Data listing:
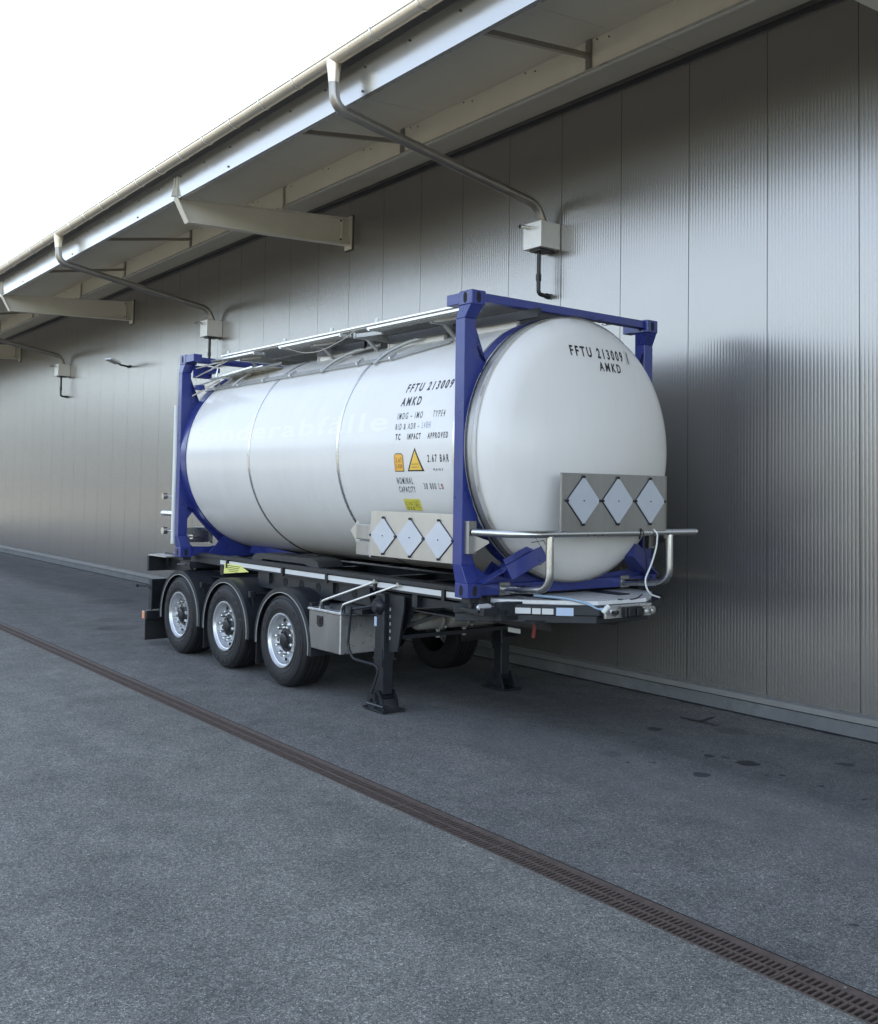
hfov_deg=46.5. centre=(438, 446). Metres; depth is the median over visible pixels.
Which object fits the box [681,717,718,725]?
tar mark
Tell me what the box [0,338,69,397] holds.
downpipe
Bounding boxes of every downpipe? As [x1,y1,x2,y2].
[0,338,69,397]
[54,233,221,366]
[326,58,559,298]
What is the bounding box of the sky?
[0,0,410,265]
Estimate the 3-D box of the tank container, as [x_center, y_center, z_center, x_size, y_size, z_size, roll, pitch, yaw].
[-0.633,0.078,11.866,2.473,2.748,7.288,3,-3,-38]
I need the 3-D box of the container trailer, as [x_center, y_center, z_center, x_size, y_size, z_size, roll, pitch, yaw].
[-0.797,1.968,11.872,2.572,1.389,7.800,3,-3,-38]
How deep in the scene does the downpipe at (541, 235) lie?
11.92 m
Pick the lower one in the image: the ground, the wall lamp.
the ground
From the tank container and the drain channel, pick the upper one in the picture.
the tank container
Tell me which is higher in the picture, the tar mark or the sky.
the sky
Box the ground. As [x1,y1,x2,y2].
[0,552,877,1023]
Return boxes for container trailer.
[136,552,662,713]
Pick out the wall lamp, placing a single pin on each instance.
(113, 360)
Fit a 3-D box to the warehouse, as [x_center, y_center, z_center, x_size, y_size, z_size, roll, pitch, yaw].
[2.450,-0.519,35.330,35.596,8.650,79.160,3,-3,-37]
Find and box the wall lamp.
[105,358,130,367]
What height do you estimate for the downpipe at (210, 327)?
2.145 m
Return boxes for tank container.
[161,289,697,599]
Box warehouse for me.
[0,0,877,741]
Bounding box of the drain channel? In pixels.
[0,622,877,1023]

Aim of the exercise:
Please return the listing above exactly and leave every picture out.

Exercise solution:
hfov_deg=46.5. centre=(438, 446). Metres; depth is the median over visible pixels.
Which object fits the box [681,717,718,725]?
tar mark
Tell me what the box [0,338,69,397] holds.
downpipe
Bounding boxes of every downpipe? As [x1,y1,x2,y2].
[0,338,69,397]
[54,233,221,366]
[326,58,559,298]
What is the bounding box of the sky?
[0,0,410,265]
Estimate the 3-D box of the tank container, as [x_center, y_center, z_center, x_size, y_size, z_size, roll, pitch, yaw].
[-0.633,0.078,11.866,2.473,2.748,7.288,3,-3,-38]
I need the 3-D box of the container trailer, as [x_center, y_center, z_center, x_size, y_size, z_size, roll, pitch, yaw].
[-0.797,1.968,11.872,2.572,1.389,7.800,3,-3,-38]
How deep in the scene does the downpipe at (541, 235) lie?
11.92 m
Pick the lower one in the image: the ground, the wall lamp.
the ground
From the tank container and the drain channel, pick the upper one in the picture.
the tank container
Tell me which is higher in the picture, the tar mark or the sky.
the sky
Box the ground. As [x1,y1,x2,y2].
[0,552,877,1023]
Return boxes for container trailer.
[136,552,662,713]
Pick out the wall lamp, placing a single pin on each instance.
(113, 360)
Fit a 3-D box to the warehouse, as [x_center, y_center, z_center, x_size, y_size, z_size, roll, pitch, yaw].
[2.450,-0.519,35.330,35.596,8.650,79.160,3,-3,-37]
Find and box the wall lamp.
[105,358,130,367]
What height do you estimate for the downpipe at (210, 327)?
2.145 m
Return boxes for tank container.
[161,289,697,599]
Box warehouse for me.
[0,0,877,741]
Bounding box of the drain channel? In pixels.
[0,622,877,1023]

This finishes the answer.